When Ash was gone, I tried speaking with Andrew but he did not respond. I found out that if I sat in a certain way, the surveillance camera could not see me speaking. I suppose that Andrew was too afraid. I whispered to him that he should never accept that he was just an animal or a pet. We were unique and special. We had the best of human beings and puppies. Then I went and made a bed of straw and decided to sleep.
It was hard to sleep though as I was thinking of ways to escape. It seemed hopeless. There was a wall in the back with a small window high up. The window had bars. Otherwise, there were metal bars that locked us in. It would be nice to have a file or be able to pick a lock.
As I fell asleep, I wondered if a doggy basket would be more comfortable than sleeping in the straw.

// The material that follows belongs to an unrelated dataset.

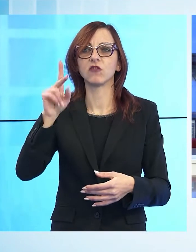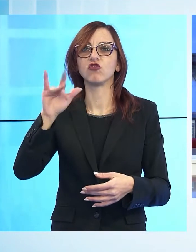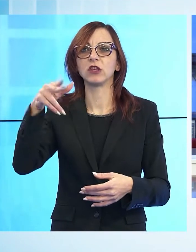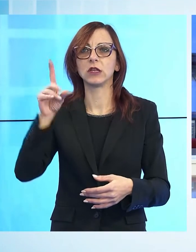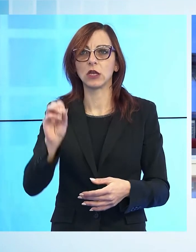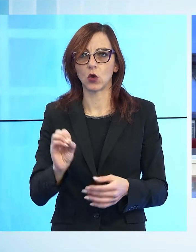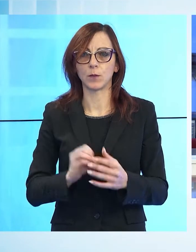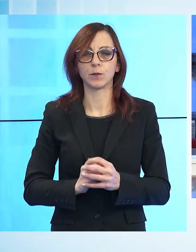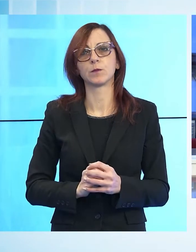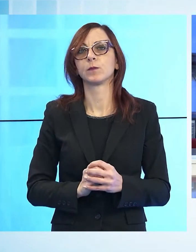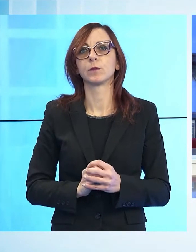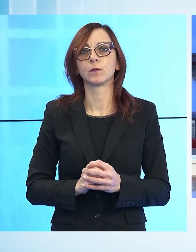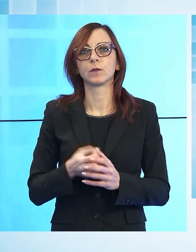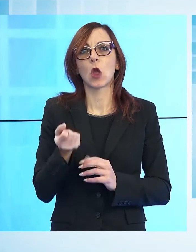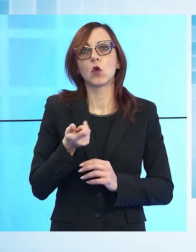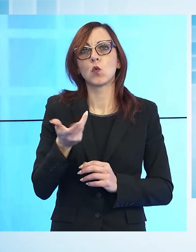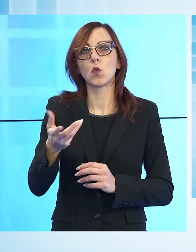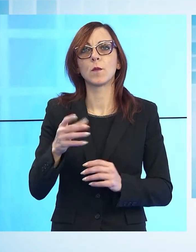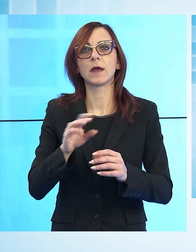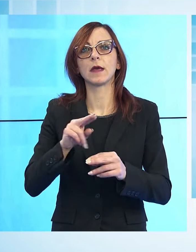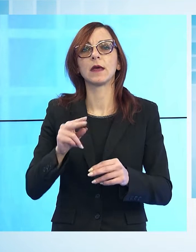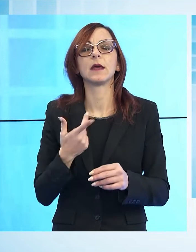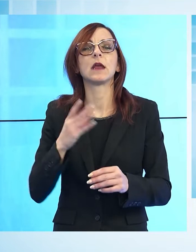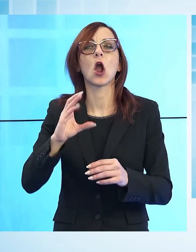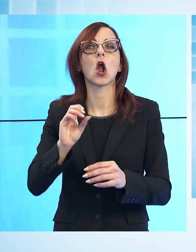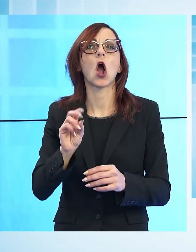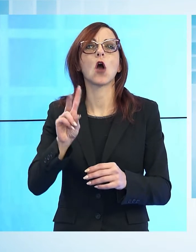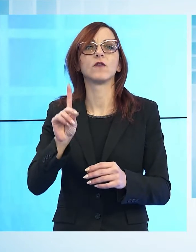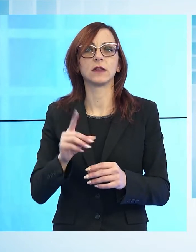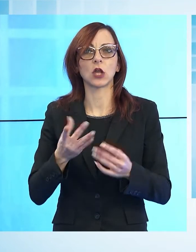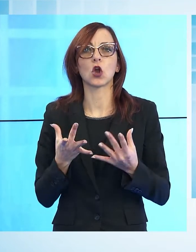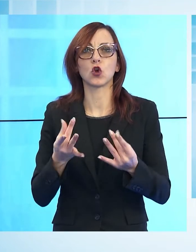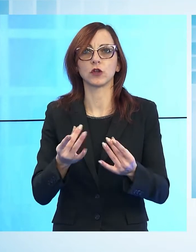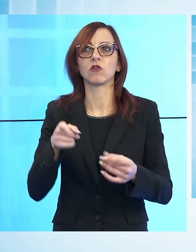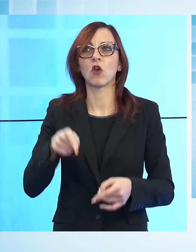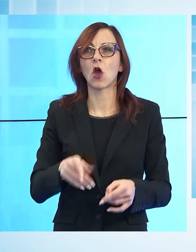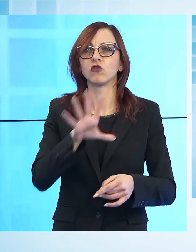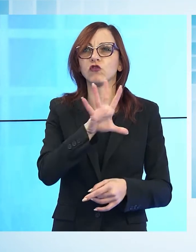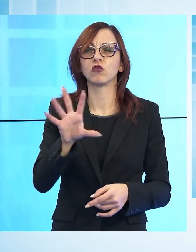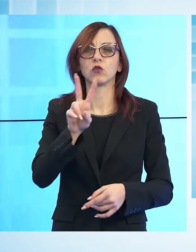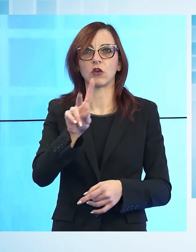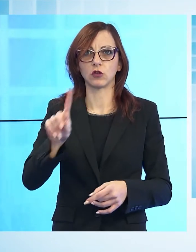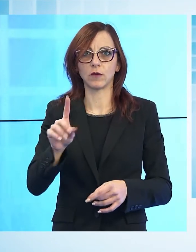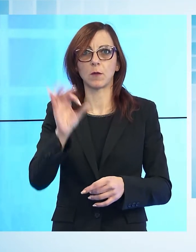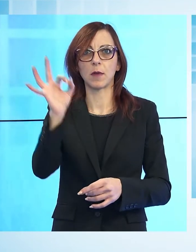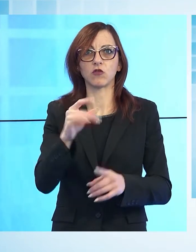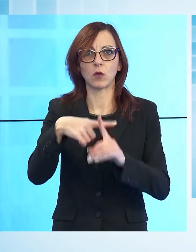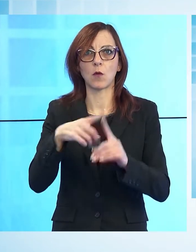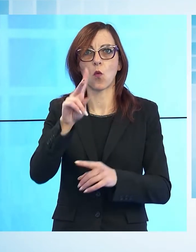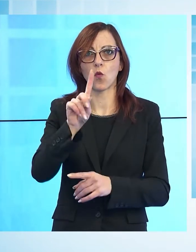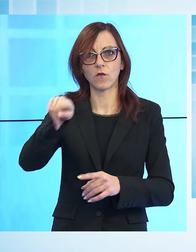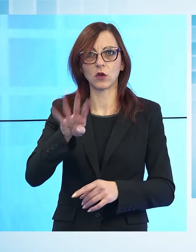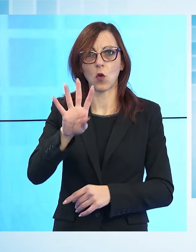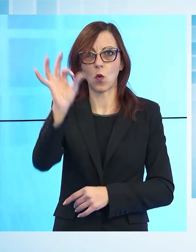numeri del Covid contagiati in Toscana oggi sono 521, tasso di positività all'1,4%,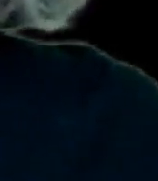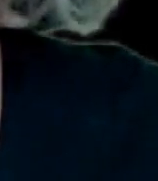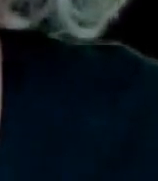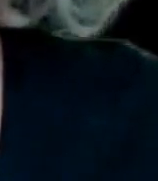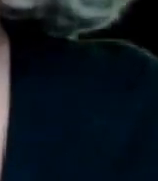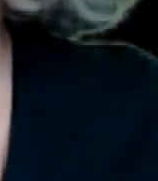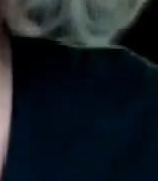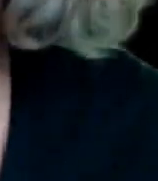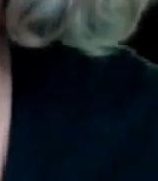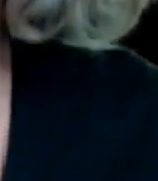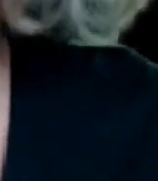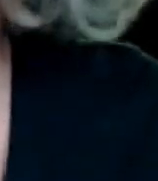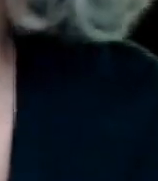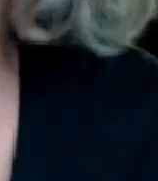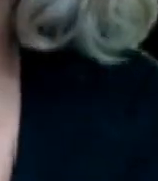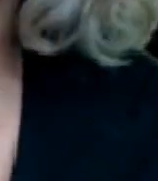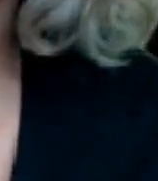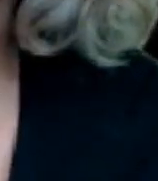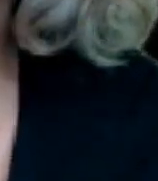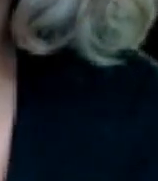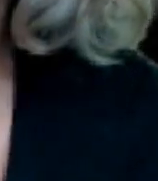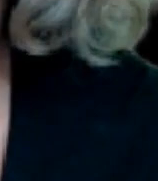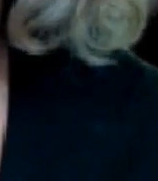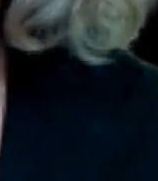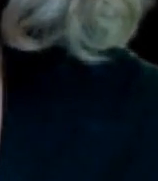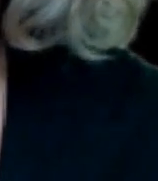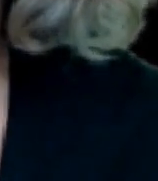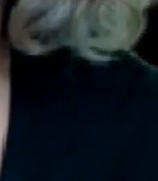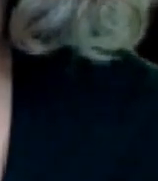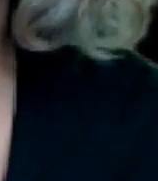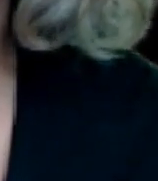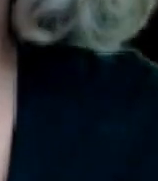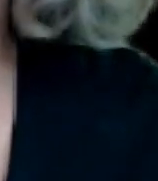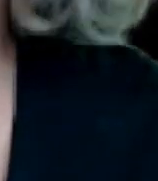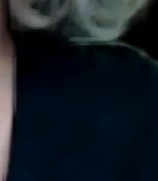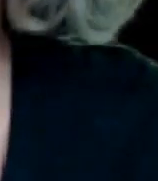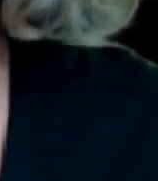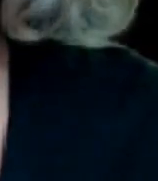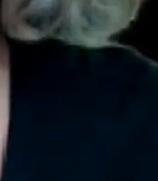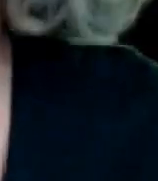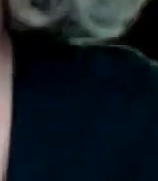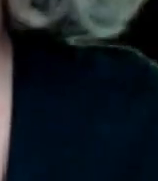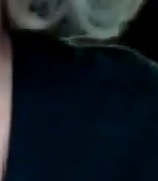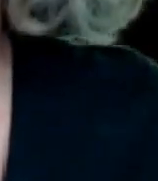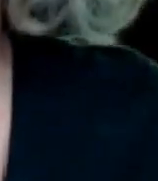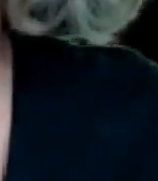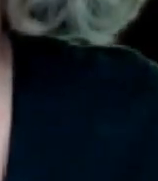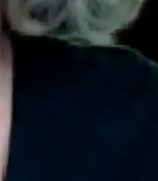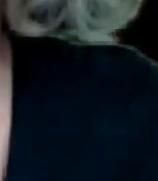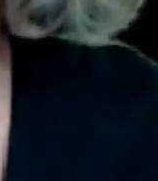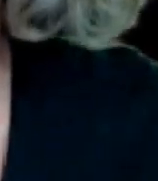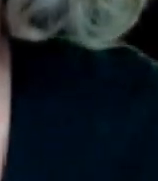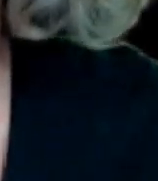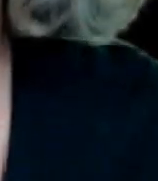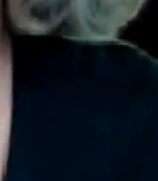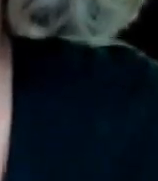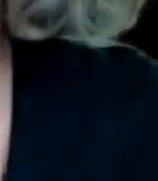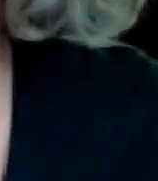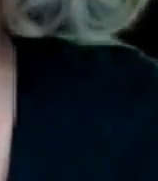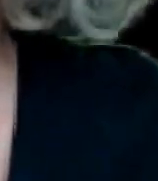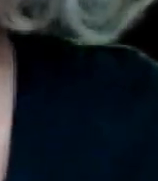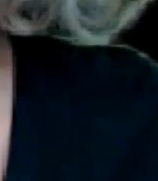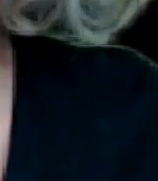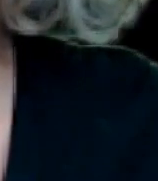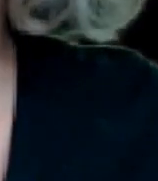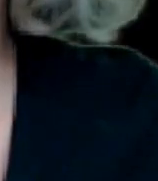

During the night, I was woken up by barking and screaming. It was hard to see as there was no light in the kennel. One man had a flashlight so I could see a bit was happening. I could hear the puppy girl in the last cell barking and screaming. I could see the men attached a leash to her collar. They were dragging her out. It was quite obvious that she did not want to leave. Everything seemed to happen so fast. When everything was quiet one of the men shouted at me, “Get back to sleep you little mutt”
I laid back on the straw confused about what just happening. Where were they taken the girl? I could also hear Andrew crying in the next cell.